■ Aim of the exercise: Looking at the entries below, state how many lines contain the word "height". Give the number alone.

--- Input records ---

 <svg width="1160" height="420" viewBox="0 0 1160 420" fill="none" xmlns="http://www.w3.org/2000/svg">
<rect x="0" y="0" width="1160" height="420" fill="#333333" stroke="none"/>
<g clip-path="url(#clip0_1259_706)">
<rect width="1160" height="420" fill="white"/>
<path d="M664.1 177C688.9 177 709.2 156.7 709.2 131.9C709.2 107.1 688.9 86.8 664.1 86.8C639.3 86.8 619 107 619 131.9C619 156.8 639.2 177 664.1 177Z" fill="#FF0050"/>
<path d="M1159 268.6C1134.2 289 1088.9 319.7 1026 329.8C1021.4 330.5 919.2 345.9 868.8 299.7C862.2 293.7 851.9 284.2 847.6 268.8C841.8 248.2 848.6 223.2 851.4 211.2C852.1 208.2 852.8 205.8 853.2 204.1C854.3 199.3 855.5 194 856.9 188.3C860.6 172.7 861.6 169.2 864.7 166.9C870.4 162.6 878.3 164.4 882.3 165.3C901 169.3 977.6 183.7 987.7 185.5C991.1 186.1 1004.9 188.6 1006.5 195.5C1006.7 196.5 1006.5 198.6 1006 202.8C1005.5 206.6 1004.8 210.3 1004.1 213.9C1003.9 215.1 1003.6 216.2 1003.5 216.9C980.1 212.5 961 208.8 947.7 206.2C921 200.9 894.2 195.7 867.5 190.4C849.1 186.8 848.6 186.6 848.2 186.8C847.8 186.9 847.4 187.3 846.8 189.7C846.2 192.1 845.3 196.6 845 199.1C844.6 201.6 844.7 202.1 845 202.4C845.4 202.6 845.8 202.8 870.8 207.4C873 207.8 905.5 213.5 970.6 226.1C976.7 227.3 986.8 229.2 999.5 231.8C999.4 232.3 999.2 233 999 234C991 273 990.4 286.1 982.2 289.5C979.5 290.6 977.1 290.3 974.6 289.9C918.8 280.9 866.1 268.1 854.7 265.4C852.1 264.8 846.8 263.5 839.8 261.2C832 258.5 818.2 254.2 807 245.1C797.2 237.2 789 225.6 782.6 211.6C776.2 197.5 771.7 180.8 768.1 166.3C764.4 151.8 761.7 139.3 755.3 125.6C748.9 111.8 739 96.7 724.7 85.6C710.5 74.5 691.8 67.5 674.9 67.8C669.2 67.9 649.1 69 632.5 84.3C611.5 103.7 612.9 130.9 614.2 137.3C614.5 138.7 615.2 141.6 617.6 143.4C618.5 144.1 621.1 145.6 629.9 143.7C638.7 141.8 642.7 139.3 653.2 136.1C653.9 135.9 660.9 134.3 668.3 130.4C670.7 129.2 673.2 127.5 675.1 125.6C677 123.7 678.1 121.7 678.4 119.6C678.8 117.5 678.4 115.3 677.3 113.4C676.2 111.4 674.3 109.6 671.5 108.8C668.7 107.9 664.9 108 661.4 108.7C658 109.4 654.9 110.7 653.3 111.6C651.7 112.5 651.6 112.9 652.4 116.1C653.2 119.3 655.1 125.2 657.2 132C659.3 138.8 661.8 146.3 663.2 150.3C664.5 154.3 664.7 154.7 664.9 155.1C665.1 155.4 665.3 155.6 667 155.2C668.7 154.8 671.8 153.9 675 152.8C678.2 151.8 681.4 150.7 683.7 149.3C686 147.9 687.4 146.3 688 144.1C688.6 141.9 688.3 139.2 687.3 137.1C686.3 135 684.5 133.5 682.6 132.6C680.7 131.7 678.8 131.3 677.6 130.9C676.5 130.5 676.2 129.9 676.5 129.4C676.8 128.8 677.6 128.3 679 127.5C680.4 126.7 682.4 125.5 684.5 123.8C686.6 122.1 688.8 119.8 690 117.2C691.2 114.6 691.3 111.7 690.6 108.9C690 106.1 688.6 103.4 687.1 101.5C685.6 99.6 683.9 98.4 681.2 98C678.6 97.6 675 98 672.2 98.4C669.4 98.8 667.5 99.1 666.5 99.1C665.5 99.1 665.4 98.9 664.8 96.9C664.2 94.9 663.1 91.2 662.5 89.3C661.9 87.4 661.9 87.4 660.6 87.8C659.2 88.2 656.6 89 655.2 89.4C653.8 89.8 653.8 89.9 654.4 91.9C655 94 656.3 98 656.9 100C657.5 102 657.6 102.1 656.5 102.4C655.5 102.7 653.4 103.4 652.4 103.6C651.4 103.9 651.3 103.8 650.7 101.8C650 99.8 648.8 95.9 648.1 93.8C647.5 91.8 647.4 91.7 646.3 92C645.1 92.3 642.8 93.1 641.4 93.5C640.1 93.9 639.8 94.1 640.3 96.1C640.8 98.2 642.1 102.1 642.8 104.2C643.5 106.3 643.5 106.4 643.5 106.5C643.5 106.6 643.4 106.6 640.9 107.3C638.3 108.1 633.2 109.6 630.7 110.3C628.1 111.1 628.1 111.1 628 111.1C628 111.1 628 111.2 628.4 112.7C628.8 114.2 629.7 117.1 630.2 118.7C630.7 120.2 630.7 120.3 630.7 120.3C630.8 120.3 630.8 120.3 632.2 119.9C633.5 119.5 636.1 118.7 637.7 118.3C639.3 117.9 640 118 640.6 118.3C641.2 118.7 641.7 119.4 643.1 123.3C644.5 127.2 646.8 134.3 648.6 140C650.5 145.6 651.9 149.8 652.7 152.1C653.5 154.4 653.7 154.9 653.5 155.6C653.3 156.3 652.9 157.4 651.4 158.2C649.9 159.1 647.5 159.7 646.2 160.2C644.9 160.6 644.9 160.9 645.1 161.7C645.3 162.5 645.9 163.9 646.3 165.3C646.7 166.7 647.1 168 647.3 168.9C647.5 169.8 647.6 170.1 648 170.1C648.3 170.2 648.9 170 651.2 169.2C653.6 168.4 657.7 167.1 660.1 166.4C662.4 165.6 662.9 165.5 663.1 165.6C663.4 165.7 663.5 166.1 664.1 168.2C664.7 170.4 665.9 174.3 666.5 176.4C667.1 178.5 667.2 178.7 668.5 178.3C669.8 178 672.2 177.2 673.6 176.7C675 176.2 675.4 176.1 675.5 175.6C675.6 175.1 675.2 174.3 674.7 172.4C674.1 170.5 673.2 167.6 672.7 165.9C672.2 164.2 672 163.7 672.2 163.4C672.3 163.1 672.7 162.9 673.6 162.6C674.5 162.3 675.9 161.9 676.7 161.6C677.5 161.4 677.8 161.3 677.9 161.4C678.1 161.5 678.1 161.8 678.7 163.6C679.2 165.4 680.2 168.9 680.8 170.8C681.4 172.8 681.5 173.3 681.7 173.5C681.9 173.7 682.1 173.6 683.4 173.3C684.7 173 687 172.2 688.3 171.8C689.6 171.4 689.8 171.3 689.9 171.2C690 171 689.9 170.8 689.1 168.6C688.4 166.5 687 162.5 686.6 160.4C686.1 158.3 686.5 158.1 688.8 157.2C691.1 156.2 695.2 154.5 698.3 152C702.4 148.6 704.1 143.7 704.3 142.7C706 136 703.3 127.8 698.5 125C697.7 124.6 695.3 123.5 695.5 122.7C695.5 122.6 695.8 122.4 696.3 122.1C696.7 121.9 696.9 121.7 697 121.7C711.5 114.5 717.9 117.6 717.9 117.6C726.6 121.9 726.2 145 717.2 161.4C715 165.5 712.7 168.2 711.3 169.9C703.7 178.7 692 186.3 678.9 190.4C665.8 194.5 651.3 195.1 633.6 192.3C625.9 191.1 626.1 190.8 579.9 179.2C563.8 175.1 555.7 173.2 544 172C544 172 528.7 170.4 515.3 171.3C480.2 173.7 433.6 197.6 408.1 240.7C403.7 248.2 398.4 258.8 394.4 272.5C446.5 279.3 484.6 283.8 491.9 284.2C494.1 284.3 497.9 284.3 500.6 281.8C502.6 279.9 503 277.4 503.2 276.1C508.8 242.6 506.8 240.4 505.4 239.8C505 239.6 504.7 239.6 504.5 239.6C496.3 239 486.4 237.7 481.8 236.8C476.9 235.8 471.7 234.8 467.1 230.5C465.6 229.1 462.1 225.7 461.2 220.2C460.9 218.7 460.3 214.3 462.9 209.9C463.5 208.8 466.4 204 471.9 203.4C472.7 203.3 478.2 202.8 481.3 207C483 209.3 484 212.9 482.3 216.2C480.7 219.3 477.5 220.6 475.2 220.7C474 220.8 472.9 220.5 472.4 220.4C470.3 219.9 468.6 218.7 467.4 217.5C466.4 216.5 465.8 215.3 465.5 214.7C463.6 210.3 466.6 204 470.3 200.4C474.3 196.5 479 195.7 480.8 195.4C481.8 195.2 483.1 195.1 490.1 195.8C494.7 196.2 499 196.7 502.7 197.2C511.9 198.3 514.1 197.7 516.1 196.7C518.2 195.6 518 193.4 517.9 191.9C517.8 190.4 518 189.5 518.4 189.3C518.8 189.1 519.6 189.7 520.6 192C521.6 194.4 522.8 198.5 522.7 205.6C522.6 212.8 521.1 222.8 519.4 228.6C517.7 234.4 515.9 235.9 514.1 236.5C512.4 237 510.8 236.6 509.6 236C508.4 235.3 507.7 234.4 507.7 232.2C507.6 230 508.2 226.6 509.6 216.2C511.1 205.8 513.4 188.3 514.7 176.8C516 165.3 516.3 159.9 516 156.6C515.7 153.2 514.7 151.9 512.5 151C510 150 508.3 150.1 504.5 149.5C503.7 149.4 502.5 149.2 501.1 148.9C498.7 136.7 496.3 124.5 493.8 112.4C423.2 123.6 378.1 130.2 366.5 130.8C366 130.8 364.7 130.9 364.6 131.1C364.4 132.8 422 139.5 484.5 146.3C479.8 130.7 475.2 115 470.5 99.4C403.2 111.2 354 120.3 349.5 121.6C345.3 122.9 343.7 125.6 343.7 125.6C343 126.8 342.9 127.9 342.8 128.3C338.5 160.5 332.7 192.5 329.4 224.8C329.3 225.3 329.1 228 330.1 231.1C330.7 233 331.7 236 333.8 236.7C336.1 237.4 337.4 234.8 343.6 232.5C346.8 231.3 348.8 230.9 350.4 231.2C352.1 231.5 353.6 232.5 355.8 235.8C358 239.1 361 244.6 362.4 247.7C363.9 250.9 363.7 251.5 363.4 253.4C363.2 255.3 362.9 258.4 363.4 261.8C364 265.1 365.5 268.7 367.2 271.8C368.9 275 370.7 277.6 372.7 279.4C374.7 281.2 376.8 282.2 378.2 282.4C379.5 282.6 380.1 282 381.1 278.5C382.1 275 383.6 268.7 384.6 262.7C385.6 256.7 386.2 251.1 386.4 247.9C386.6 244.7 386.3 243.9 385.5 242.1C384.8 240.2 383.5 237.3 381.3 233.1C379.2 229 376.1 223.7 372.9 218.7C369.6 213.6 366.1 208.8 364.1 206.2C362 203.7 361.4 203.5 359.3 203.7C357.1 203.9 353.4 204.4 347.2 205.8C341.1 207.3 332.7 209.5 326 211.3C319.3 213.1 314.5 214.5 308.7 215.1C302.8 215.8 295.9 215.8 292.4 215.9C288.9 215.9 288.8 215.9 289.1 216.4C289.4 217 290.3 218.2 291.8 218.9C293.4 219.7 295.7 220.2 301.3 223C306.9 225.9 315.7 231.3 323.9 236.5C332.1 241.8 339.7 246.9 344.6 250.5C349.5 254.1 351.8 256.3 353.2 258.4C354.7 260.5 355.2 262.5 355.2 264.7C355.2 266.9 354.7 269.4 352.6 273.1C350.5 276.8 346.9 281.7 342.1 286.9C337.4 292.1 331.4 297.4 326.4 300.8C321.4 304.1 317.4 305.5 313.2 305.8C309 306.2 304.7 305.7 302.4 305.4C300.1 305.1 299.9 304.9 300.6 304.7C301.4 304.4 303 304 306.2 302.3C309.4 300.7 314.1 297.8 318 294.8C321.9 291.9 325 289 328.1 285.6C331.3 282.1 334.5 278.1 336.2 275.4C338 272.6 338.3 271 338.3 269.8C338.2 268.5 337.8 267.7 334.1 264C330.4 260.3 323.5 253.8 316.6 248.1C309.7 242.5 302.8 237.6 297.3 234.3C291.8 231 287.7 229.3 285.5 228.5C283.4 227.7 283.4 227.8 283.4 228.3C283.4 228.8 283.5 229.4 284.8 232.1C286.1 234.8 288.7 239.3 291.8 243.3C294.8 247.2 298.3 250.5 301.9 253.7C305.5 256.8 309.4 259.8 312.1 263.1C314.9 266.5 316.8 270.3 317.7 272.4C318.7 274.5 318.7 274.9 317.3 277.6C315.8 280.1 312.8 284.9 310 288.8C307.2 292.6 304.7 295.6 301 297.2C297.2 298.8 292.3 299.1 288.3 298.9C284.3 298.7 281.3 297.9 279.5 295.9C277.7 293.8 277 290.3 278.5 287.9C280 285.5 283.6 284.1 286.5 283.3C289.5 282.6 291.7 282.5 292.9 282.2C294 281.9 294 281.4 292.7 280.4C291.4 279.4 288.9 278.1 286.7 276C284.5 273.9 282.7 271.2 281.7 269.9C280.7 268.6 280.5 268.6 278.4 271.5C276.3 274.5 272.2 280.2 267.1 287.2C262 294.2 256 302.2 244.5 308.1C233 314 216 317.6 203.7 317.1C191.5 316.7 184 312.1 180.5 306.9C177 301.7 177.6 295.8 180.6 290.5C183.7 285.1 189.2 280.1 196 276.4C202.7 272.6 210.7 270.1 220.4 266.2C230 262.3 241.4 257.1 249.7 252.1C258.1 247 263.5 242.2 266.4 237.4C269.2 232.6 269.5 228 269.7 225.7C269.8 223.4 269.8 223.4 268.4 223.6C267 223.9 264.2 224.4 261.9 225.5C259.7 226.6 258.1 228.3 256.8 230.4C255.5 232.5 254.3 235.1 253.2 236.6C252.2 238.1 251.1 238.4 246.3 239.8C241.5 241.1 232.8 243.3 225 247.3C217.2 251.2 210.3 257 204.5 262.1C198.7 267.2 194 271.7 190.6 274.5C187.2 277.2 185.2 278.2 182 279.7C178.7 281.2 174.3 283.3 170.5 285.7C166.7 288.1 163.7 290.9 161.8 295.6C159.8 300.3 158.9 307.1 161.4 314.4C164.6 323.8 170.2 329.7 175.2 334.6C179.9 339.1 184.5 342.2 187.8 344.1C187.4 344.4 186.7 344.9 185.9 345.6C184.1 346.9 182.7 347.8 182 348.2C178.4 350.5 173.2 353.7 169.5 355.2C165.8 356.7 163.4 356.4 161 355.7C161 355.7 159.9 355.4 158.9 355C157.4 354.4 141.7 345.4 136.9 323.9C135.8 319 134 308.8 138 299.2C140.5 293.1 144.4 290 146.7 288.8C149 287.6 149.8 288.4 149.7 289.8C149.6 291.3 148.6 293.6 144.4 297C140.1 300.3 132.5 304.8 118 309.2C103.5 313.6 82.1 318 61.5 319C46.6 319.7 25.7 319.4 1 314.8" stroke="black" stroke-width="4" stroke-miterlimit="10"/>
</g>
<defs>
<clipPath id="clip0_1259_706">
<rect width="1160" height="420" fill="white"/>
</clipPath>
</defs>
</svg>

---

■ Problem solution: 4